Friday, July 08, 2005

Britain

Britain faced incredible hurdles in garnering any public support for an invasion of Iraq. Quite simply, the British people did not want it. They didn't want it so much that Blair's government (very clumsily) had to create an entire dossier of false evidence compelling enough to create even a minimal semblance of support. While support for the war reached a peak just as President Bush was declaring that the war was over (May of 2003), British support for the war in Iraq has never been much higher than 50%.

After yesterday's bombing in London that killed at least 50 people, we've been reading an awful lot of "stiff upper lip" rhetoric. "London's been bombed before, and the indomitable British spirit has always pulled them through..." "Britain knows terrorism, and has fought it with toughness and determination..." "They can bomb London, but they can't kill our spirit..." That sort of thing. All well and good, by the way, and the British people have all my sympathy at this moment of national tragedy and national mourning. And, frankly, I know that nothing can kill the indomitable British spirit, any more than anything can kill the indomitable American spirit, or, for that matter, the indomitable human spirit.

A lot of this rhetoric is hard-blown hot air and obfuscation.
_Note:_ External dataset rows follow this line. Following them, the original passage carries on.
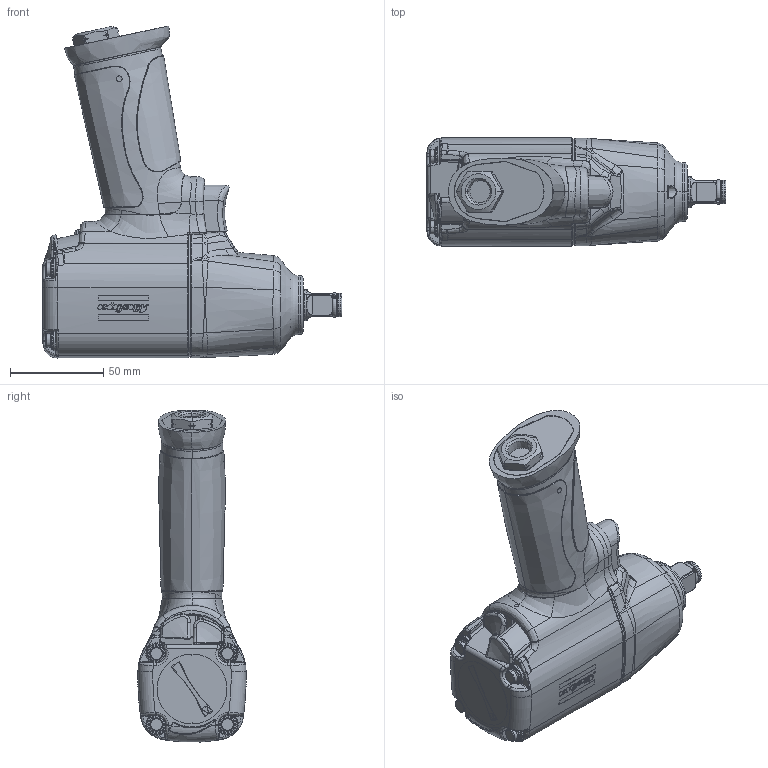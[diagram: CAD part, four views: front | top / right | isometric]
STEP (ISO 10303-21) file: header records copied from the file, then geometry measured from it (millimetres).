
FILE_DESCRIPTION((''),'2;1');
FILE_NAME('8434124851_SW','2019-02-25T14:29:36',('Toocsr'),(''),'CREO PARAMETRIC BY PTC INC, 2018100','CREO PARAMETRIC BY PTC INC, 2018100','');
FILE_SCHEMA(('CONFIG_CONTROL_DESIGN','GEOMETRIC_VALIDATION_PROPERTIES_MIM'));
Products named in the file (1): 8434124851_SW
Bounding box: 160.8 x 58.16 x 177.95 mm (x, y, z)
Volume: 210423.3 mm3; surface area: 124723.1 mm2
Topology: 2 solids, 2 shells, 4130 faces, 10552 edges, 6401 vertices
Faces by surface type: bspline 1410, cylinder 975, plane 684, torus 629, cone 347, sphere 79, extrusion 6
Entity records: 242290 total; most frequent: CARTESIAN_POINT 141225, ORIENTED_EDGE 20992, DIRECTION 14305, EDGE_CURVE 10496, VERTEX_POINT 6401, AXIS2_PLACEMENT_3D 5914, B_SPLINE_CURVE_WITH_KNOTS 4831, EDGE_LOOP 4217

Defending the "British way of life" is certainly a commendable thing, and it always was. When defending the "British way of life" means slaughtering Irishmen rising up from centuries of oppression, without concern for "collateral damage" to innocent--because no Irishman was truly innocent--people, the whole piece of rhetoric can finally seen as shallow at best and, more likely, entirely false. If what is going on in the world is something other than "defending the British way of life" or "defending freedom" or spreading democracy" or "a war between good and evil," people will know.

The right is calling for tougher measures to "fight terror." Britain's history of fighting the IRA demonstrates that tougher measures are no guarantee of success. In fact, tougher measures usually succeed only in dragging a society of laws down to the level of terrorists. Frankly, the British people got tired of this; it was to Tony Blair's credit (with the help and support of Bill Clinton) that he saw this and negotiated a framework for a devolved, power-sharing government in Northern Ireland.
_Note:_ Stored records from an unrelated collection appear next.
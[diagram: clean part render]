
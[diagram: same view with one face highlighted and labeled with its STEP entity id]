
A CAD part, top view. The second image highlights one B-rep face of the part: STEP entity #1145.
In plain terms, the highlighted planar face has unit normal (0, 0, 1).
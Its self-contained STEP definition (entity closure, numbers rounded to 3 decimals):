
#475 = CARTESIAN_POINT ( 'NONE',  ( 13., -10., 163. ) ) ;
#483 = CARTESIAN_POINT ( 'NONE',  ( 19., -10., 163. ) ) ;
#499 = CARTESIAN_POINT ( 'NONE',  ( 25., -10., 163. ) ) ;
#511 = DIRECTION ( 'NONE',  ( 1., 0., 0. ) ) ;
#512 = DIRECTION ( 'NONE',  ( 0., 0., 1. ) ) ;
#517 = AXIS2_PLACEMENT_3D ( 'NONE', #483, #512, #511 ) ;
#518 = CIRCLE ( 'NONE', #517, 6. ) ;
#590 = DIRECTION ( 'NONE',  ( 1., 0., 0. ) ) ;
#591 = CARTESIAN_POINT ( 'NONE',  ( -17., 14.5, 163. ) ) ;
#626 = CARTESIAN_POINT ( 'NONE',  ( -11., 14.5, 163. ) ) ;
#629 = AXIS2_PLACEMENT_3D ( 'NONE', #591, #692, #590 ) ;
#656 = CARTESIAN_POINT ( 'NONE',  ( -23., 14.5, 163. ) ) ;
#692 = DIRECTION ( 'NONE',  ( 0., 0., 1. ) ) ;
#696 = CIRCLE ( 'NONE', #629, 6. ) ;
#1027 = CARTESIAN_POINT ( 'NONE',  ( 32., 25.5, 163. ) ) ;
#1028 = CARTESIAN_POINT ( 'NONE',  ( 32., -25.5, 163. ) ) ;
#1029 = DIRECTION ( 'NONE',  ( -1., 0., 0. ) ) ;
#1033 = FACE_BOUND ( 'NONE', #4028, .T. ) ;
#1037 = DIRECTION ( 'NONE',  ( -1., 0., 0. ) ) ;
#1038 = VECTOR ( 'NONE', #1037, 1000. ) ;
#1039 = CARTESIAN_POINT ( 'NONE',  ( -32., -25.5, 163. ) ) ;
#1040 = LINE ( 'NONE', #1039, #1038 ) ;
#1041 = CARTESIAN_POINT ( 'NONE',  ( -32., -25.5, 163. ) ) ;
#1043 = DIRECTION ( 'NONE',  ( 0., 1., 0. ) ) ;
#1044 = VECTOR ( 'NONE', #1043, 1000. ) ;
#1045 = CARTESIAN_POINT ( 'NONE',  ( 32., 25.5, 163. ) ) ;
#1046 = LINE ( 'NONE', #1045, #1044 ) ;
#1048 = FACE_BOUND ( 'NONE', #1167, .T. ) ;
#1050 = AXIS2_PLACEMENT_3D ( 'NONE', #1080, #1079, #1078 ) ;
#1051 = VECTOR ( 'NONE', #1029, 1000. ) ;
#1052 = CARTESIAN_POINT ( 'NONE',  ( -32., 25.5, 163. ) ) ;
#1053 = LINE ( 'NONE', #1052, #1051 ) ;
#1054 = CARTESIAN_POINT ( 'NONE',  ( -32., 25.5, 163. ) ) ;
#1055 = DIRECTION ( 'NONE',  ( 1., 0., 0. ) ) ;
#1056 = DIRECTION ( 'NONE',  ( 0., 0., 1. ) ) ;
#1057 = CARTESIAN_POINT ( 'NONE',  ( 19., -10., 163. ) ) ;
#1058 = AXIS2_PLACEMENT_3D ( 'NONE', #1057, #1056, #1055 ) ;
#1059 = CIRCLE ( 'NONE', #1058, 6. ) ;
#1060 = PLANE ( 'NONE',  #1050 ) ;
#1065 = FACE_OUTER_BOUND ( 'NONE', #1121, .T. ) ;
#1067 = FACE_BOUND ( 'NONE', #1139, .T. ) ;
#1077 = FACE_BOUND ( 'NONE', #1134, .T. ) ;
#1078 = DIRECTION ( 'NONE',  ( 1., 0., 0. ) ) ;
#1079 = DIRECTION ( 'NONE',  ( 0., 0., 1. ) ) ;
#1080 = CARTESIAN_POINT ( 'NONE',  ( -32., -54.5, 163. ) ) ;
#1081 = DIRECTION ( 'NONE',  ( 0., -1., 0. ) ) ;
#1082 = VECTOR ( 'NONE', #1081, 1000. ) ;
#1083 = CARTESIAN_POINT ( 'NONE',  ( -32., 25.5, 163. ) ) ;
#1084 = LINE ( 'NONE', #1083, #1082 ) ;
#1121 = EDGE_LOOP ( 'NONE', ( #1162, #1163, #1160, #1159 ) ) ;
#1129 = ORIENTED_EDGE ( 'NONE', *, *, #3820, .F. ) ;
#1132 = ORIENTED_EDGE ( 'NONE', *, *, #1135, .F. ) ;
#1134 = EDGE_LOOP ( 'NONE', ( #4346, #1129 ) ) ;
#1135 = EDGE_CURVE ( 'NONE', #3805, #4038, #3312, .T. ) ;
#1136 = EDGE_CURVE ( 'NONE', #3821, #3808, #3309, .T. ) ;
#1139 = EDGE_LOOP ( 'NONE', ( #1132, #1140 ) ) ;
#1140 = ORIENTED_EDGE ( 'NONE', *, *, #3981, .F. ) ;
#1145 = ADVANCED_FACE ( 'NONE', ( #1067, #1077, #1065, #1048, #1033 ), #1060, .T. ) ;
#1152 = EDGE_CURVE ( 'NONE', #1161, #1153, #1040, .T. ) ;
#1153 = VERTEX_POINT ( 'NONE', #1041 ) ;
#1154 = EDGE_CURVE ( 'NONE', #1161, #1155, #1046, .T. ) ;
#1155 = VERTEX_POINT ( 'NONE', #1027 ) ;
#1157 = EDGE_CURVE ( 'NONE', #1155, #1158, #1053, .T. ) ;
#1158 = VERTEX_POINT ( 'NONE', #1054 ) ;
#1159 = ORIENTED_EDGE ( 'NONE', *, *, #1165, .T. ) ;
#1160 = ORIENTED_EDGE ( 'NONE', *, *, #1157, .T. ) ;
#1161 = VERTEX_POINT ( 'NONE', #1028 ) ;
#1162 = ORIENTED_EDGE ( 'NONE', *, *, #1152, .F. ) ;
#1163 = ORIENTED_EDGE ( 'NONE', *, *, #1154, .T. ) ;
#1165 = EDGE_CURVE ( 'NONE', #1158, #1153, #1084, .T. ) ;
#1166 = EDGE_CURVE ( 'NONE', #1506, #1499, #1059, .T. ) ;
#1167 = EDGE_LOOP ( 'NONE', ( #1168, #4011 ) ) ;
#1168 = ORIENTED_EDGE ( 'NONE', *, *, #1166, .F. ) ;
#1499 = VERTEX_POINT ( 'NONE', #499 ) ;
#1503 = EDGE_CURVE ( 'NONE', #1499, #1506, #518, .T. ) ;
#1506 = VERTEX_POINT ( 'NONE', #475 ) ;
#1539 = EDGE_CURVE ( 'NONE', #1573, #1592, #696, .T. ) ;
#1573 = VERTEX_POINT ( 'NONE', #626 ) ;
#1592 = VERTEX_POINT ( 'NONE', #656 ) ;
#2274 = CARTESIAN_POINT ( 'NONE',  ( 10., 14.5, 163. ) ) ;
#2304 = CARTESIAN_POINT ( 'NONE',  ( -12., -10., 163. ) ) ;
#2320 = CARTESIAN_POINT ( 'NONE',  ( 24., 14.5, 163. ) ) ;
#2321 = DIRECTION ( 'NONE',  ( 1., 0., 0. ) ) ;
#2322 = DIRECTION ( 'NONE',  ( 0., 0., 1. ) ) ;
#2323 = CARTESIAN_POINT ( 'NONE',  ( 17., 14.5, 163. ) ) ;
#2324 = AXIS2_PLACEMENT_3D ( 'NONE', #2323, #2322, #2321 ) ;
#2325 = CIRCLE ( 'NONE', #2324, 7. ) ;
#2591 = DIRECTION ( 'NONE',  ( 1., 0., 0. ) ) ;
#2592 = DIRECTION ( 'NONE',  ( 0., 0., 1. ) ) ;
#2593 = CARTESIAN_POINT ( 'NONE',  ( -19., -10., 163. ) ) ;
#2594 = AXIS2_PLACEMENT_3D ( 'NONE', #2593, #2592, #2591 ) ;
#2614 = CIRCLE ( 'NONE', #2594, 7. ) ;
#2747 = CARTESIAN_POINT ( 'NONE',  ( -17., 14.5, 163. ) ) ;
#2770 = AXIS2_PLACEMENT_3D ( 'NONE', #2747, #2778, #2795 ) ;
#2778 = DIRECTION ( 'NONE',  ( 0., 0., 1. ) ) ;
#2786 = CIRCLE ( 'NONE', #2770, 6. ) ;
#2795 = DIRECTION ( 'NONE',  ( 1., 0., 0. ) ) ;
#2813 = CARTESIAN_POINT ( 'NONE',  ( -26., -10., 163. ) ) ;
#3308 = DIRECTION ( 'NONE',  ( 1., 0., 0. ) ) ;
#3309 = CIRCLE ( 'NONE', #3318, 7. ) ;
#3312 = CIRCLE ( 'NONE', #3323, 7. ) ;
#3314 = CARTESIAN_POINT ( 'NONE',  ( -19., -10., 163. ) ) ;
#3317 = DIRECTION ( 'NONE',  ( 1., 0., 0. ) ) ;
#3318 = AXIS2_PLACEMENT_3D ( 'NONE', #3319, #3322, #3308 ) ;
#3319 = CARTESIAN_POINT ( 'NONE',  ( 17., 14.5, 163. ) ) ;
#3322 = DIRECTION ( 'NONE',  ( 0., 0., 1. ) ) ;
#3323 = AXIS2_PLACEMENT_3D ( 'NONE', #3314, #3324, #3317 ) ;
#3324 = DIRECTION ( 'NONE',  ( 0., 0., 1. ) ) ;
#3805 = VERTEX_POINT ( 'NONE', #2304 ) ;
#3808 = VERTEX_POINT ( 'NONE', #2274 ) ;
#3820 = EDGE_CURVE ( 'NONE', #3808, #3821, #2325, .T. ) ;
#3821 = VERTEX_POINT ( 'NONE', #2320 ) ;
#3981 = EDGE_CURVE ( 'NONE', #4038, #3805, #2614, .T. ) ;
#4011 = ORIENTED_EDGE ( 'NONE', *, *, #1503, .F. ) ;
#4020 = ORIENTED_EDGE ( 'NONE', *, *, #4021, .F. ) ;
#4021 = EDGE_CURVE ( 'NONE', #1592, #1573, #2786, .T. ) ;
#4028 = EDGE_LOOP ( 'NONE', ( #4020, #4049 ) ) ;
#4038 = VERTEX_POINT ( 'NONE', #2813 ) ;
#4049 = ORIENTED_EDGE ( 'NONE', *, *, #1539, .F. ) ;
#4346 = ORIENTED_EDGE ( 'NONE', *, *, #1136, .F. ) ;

The British people did not and do not support the war in Iraq. It took lies, both in Britain and in the US (and of course, in the UN) to get the British and American people to support this invasion and occupation. To this day, little--if ANYTHING--has been mentioned in the US mainstream media about the fact that the Project for a New American Century had been calling for an unprovoked first strike against Iraq for the purposes of regime change since the mid-1990s. As recently as two weeks ago, President Bush repeated the lies that Iraq was involved in the 9/11 attacks on the US. On FOX, Sean Hannity still insists that Iraq has WMDs.

But the people aren't buying it anymore. And that means both the American people and the British people.